[Work task] Transcribe the records below in full; pictures stay out of the copy.
-- Opening Marker --
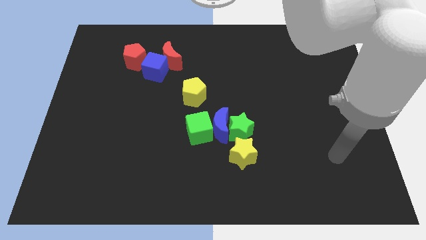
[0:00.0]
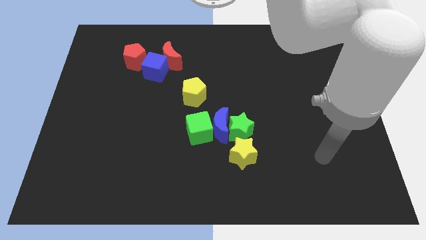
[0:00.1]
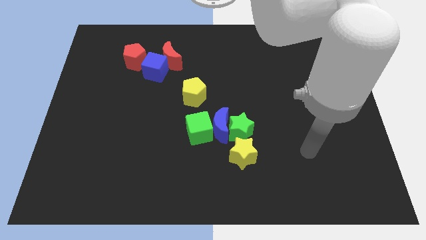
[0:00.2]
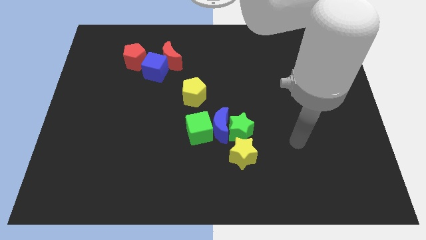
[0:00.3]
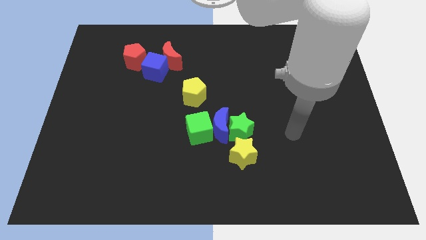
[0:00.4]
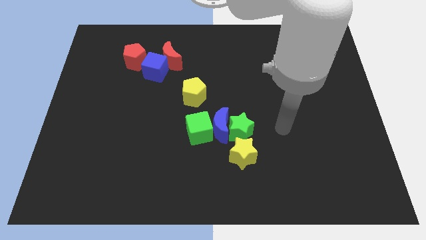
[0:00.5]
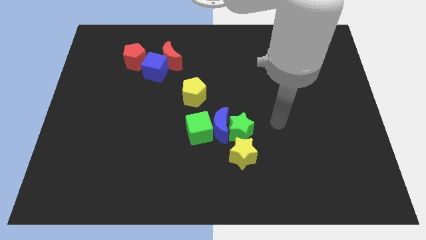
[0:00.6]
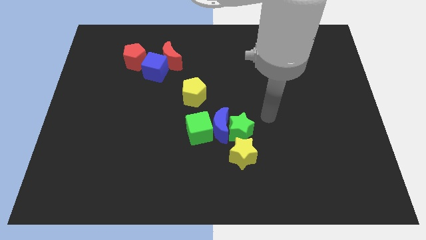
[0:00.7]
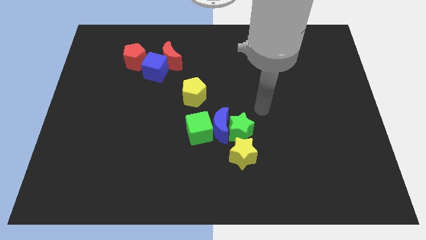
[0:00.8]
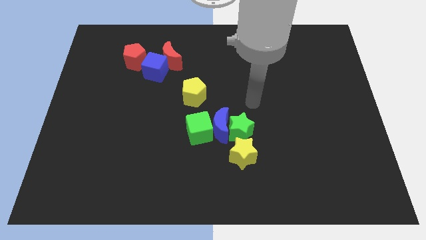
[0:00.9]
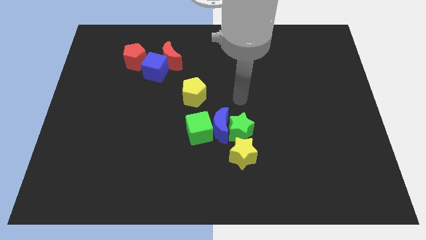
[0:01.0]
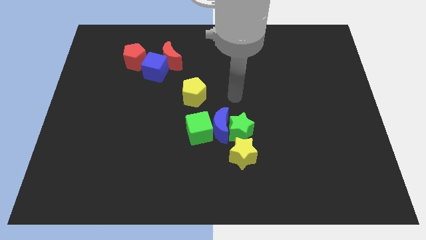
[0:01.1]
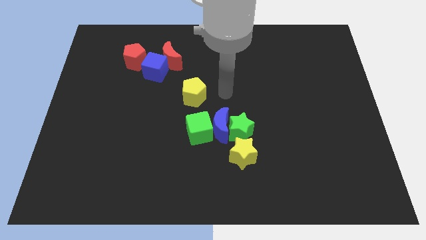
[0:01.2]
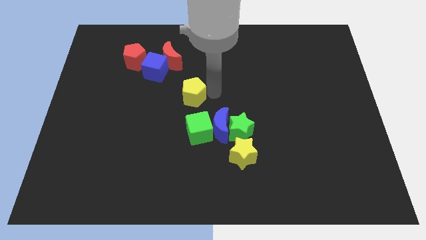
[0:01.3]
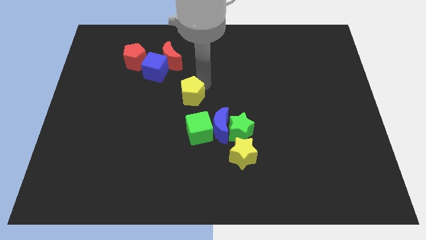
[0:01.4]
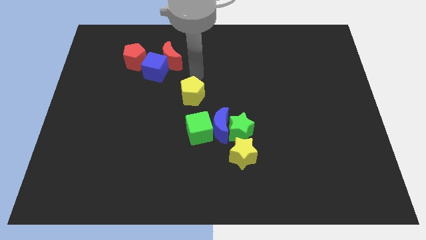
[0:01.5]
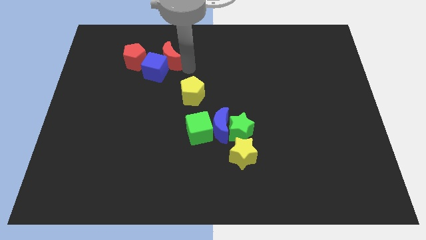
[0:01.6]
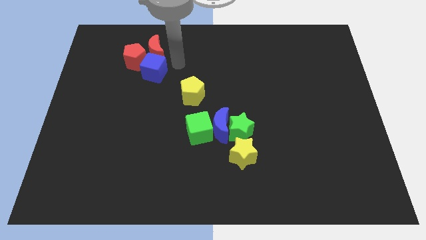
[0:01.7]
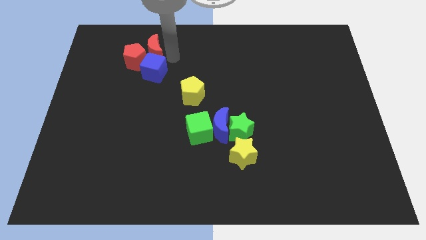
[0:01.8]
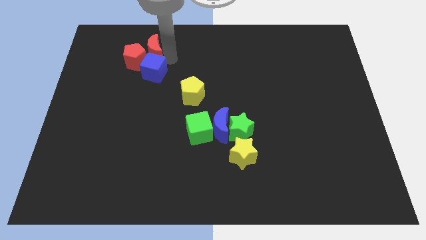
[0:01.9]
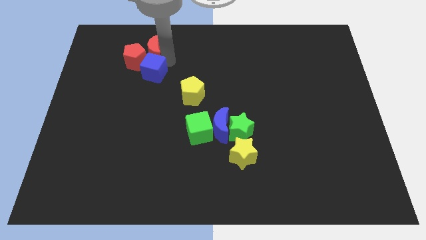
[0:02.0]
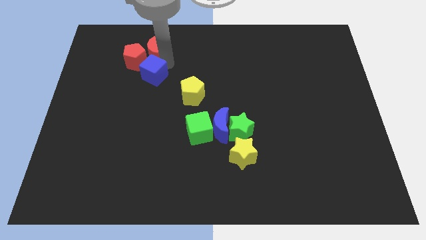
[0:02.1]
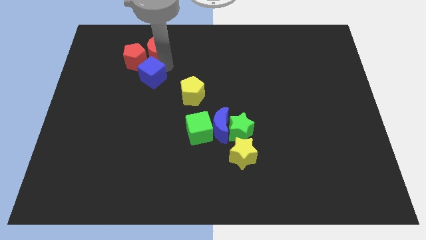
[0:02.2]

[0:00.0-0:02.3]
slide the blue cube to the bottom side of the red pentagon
-- Closing Marker --
[Answer for the task]
[0:00.0]
[0:00.1]
[0:00.2]
[0:00.3]
[0:00.4]
[0:00.5]
[0:00.6]
[0:00.7]
[0:00.8]
[0:00.9]
[0:01.0]
[0:01.1]
[0:01.2]
[0:01.3]
[0:01.4]
[0:01.5]
[0:01.6]
[0:01.7]
[0:01.8]
[0:01.9]
[0:02.0]
[0:02.1]
[0:02.2]

[0:00.0-0:02.3]
slide the blue cube to the bottom side of the red pentagon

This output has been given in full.